● Information shown:

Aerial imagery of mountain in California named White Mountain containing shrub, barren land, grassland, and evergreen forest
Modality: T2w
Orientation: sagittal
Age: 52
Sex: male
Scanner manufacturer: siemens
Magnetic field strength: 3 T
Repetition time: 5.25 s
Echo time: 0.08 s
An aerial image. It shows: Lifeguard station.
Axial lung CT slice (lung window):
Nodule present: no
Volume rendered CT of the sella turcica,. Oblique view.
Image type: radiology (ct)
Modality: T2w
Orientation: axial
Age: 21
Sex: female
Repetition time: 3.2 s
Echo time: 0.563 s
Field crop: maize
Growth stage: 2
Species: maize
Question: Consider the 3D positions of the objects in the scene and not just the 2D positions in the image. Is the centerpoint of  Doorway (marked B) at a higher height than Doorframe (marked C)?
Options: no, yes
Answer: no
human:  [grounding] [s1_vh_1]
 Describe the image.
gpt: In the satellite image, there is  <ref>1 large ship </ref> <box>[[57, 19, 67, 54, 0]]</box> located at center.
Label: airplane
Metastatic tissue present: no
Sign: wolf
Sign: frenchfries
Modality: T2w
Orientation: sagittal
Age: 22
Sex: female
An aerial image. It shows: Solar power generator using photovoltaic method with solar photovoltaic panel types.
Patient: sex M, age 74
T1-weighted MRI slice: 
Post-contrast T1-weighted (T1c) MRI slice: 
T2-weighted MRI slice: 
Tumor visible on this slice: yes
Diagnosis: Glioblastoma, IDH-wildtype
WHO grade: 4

--

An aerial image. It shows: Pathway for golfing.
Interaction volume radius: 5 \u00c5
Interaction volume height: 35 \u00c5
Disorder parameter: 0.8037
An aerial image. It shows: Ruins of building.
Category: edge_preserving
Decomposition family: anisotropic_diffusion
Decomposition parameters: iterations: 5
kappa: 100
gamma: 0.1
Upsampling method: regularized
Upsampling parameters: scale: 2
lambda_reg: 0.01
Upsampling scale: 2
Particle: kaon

--

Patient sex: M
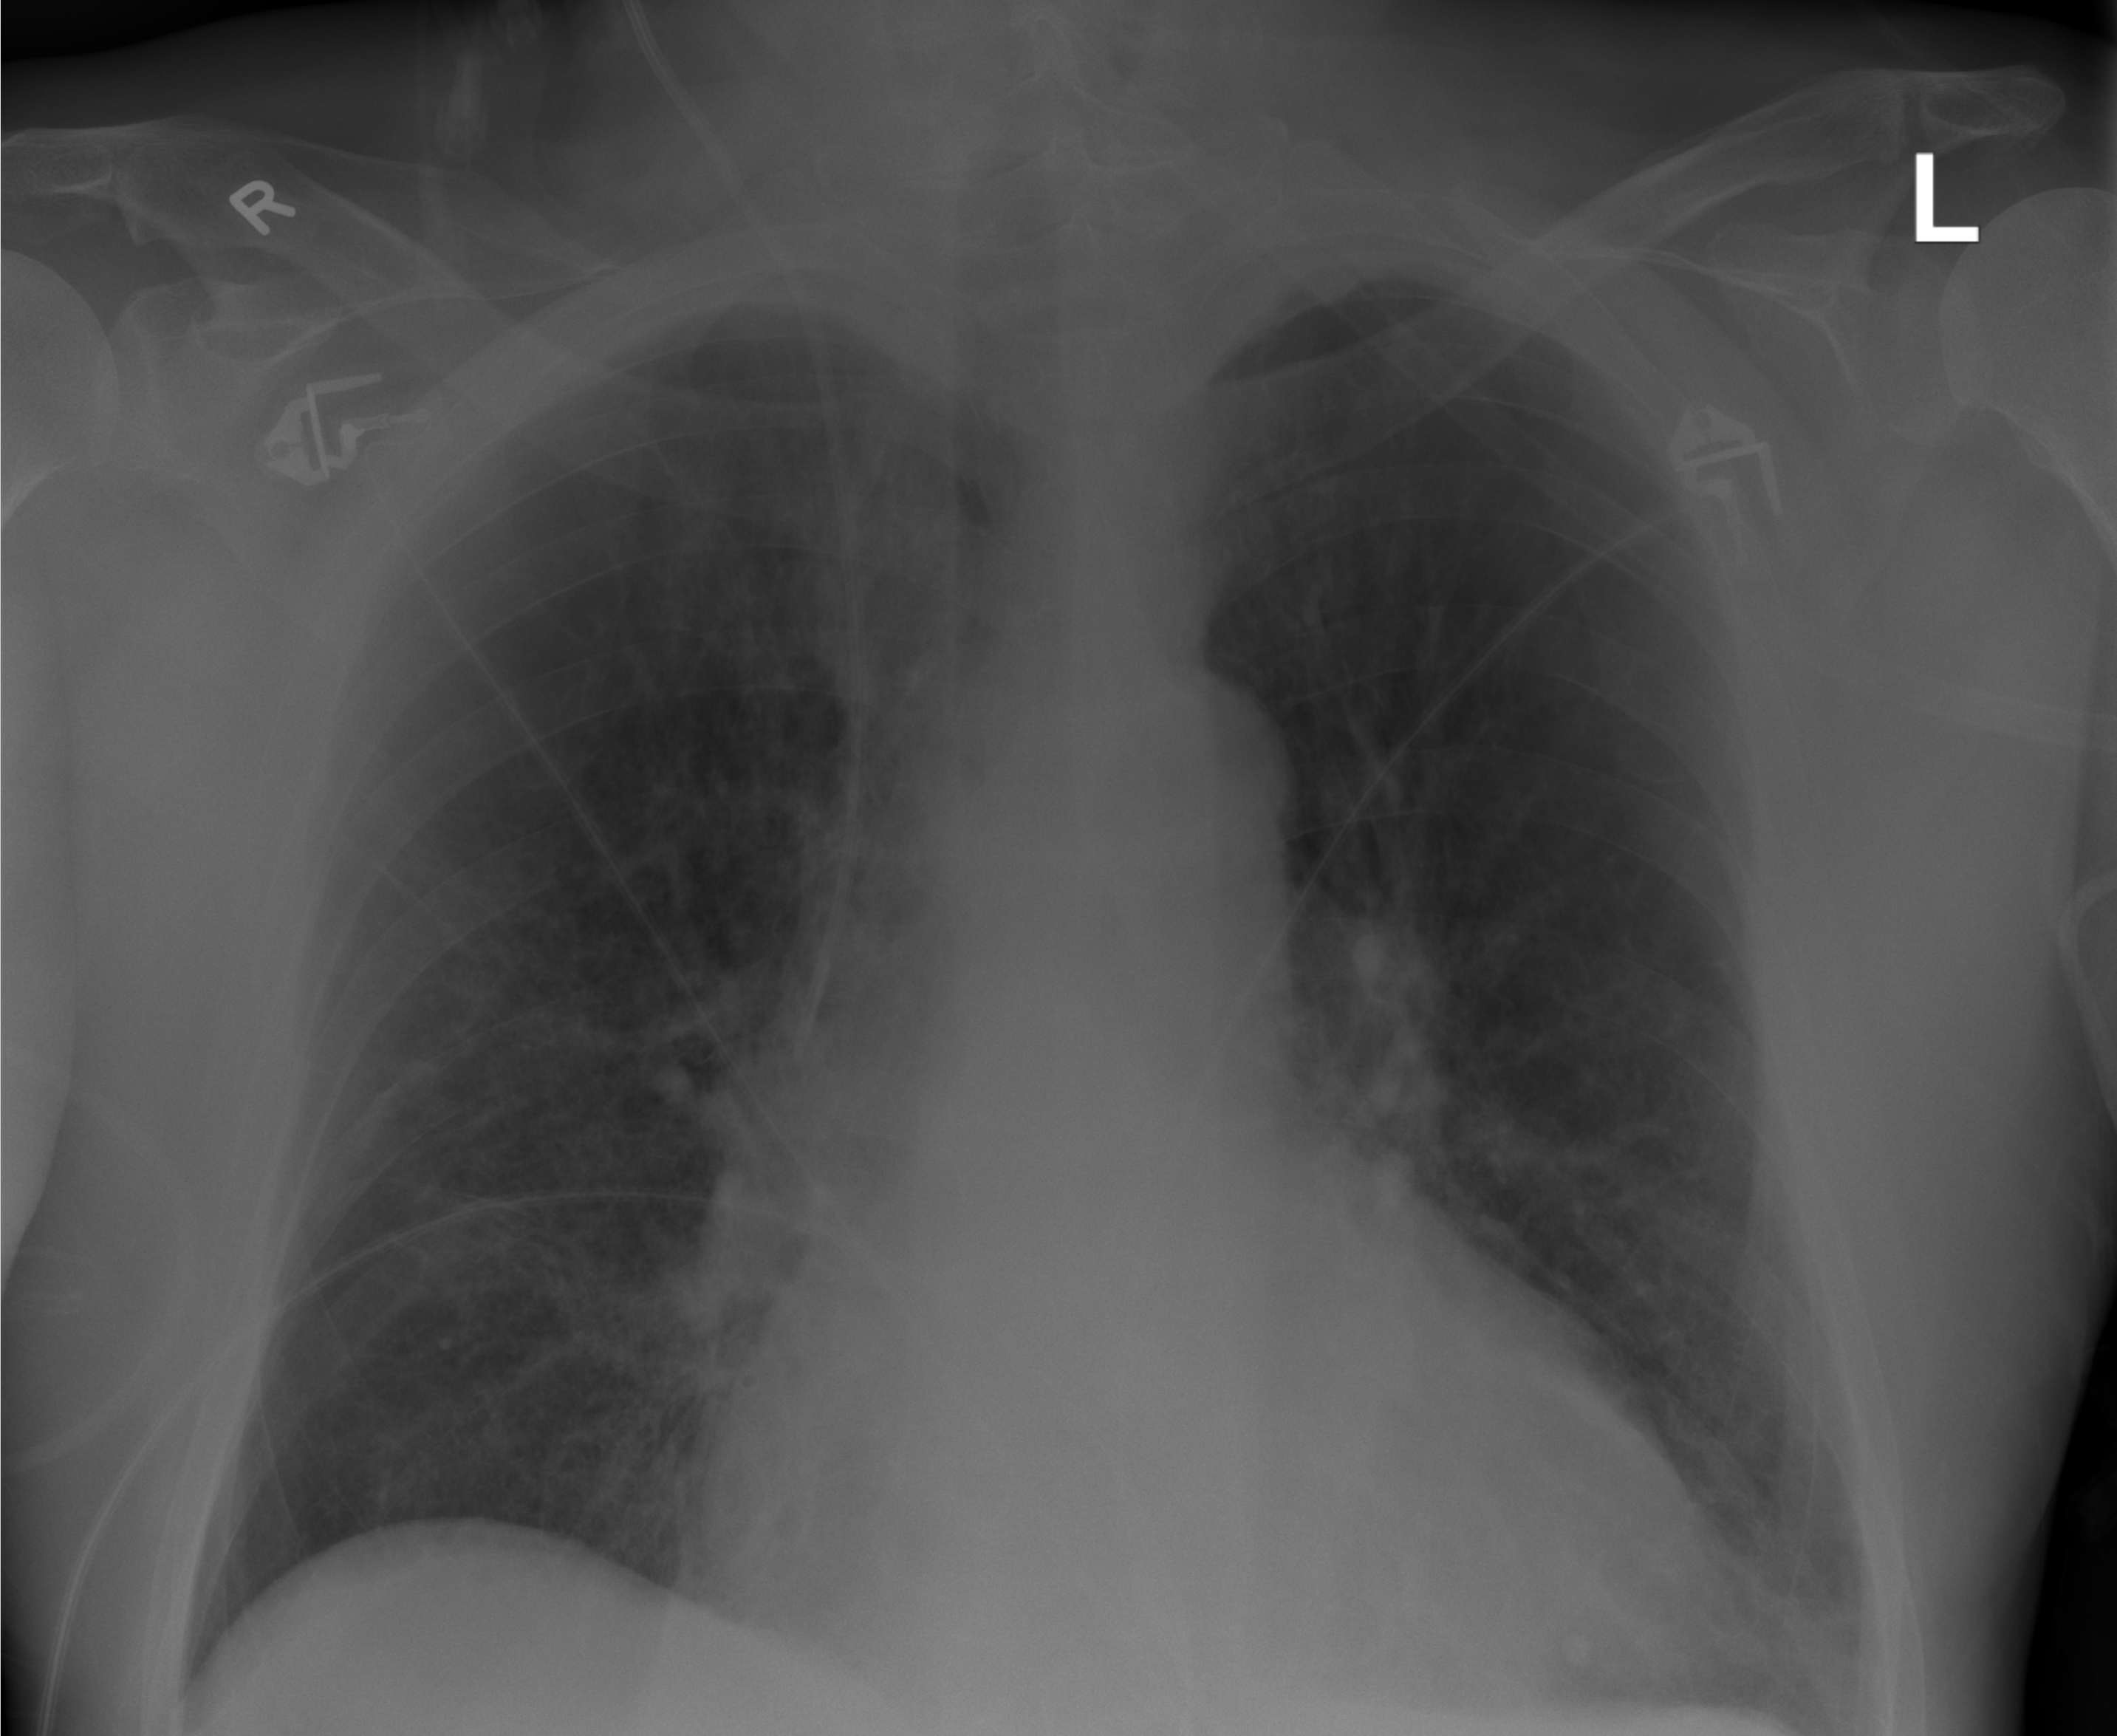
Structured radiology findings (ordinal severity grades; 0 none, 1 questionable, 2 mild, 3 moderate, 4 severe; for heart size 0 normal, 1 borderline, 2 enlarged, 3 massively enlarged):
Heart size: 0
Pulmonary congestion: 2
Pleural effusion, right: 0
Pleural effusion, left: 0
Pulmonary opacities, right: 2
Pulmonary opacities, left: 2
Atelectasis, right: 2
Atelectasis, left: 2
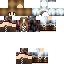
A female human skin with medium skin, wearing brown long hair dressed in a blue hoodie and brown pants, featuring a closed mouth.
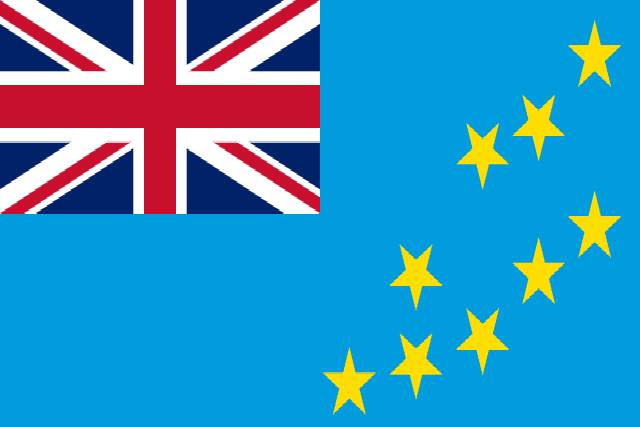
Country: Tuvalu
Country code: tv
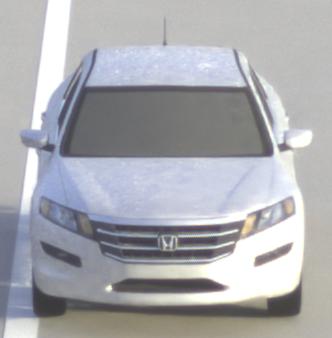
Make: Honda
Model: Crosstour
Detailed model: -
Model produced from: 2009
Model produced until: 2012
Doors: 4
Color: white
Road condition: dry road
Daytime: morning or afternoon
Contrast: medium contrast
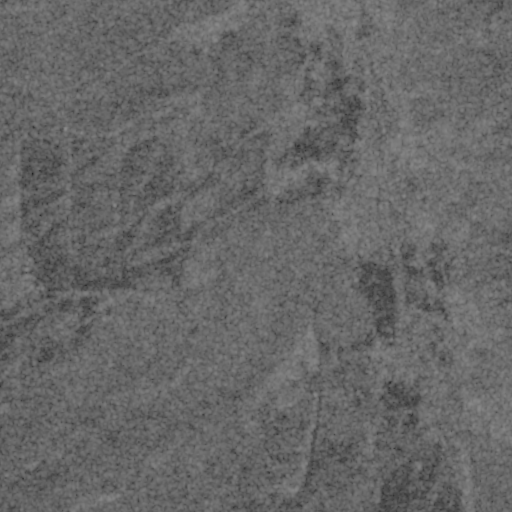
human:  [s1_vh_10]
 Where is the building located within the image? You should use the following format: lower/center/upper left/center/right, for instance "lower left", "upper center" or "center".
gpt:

● What you need to do:
In the material above, locate the line containing "Orientation: axial" and the line containing "Describe the image.". Transcribe exactly those two lines and every line between them, and nothing more.

● Answer to this problem:
Orientation: axial
Age: 21
Sex: female
Repetition time: 3.2 s
Echo time: 0.563 s
Field crop: maize
Growth stage: 2
Species: maize
Question: Consider the 3D positions of the objects in the scene and not just the 2D positions in the image. Is the centerpoint of  Doorway (marked B) at a higher height than Doorframe (marked C)?
Options: no, yes
Answer: no
human:  [grounding] [s1_vh_1]
 Describe the image.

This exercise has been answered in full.